Understanding¶
Understanding Overview¶
Understanding is making sense of stories, events, and situations in the world. It relies heavily on frames and sets up the infrastructure for commonsense reasoning. The key mechanisms:
Thematic role systems — structured frame representations capturing who did what to whom, with what, for whom
Ambiguity resolution — using constraints and background knowledge to select correct interpretations
Grammar and ontology — guiding interpretation through sentence structure and world knowledge
Thematic Role Systems¶
Consider: “Ashok made pancakes for David with a griddle.” Three levels of analysis apply:
Lexical: categorizing words (noun, verb, etc.)
Syntactic: sentence structure (noun phrases, verb phrases)
Semantic: meaning in terms of thematic roles
The semantic analysis is primary — it produces understanding:
Agent: Ashok
Action: make
Thematic object: pancakes
Beneficiary: David
Instrument: griddle
This frame is the meaning. Evidence of understanding comes from the ability to draw correct inferences (e.g., “Who ate the pancakes?” → David, even though this isn’t stated explicitly). The frame’s default values enable such inferences, just as the frame for “eat” has defaults like “the eaten thing is dead.”
Thematic role frames generate expectations. A frame for “throw” tells us to expect an agent, an object, a trajectory, a destination — even before seeing the full sentence.
Constraints from Prepositions¶
Prepositions constrain which thematic roles a word can fill:
by → agent, conveyance, or location
for → beneficiary, duration, or purpose
from → source
to → destination
with → co-agent or instrument
Examples:
“written by Ashok” → Ashok is agent
“went to New York by train” → train is conveyance
“stood by the statue” → statue is location
Prepositions narrow possibilities but don’t always determine meaning uniquely — additional knowledge is needed.
Resolving Ambiguity with Ontology¶
An ontology provides the conceptual vocabulary for interpreting the world:
Things → Agents (People: Ashok, David)
→ Objects (Conveyances: train, car)
→ Locations (statue, park)
When “by” constrains a word to {agent, conveyance, location}, the ontology resolves which applies:
“by Ashok” → Ashok is People → Agent
“by train” → train is Conveyance
“by the statue” → statue is Location
Processing is a combination of bottom-up (data-driven lexical analysis) and top-down (knowledge-driven expectation generation).
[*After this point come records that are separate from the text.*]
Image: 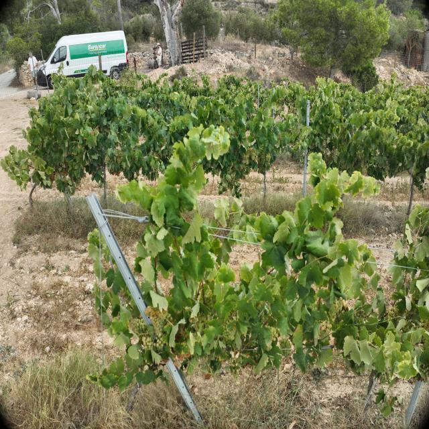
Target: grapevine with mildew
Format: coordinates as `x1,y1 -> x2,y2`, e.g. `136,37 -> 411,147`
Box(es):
85,179 -> 429,428
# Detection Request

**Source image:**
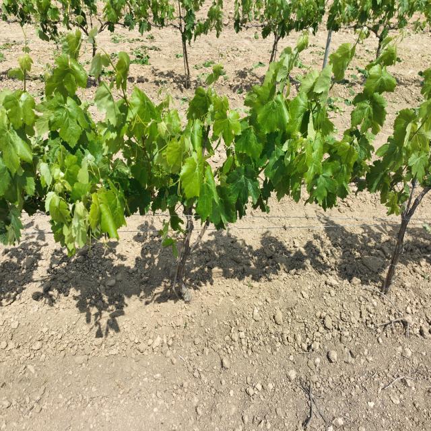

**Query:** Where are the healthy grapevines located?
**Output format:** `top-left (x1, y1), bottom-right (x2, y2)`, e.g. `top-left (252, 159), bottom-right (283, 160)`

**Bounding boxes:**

Bottom-up processing generates cues that probe memory; memory returns frames that make processing top-down.
Resolving Ambiguity in Verbs¶
Verbs frequently have multiple meanings. “Take” has at least 12 interpretations: to steal, to medicate, to measure, to transport, to assume control, etc. Each meaning has its own thematic role frame specifying expected slots.
Resolution process for “I took the candy from the baby”:
Background knowledge about candy eliminates meanings requiring medicine, quantity, etc.
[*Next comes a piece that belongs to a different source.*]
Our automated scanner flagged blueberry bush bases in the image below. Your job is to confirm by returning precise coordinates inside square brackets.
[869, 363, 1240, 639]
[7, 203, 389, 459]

The preposition from requires a “source” slot — eliminates frames without source
Only the “to steal” frame remains, with source = baby
Similarly for “My doctor took my blood pressure” — background knowledge of “doctor” and “blood pressure” selects the “to measure” interpretation.
Particles further disambiguate: “take over” → assume control; “take off” → remove clothing.
The Earthquake Sentences¶
“The earthquake killed 25 people” vs. “The president killed 25 proposals”:
Kill-1 (cause death): expects agent + victim → “25 people” fits victim, “earthquake” fits agent
Kill-2 (put an end to): expects agent + object → “25 proposals” fits object, “president” fits agent
Background knowledge determines which frame applies: people can die (Kill-1), proposals cannot die but can be ended (Kill-2).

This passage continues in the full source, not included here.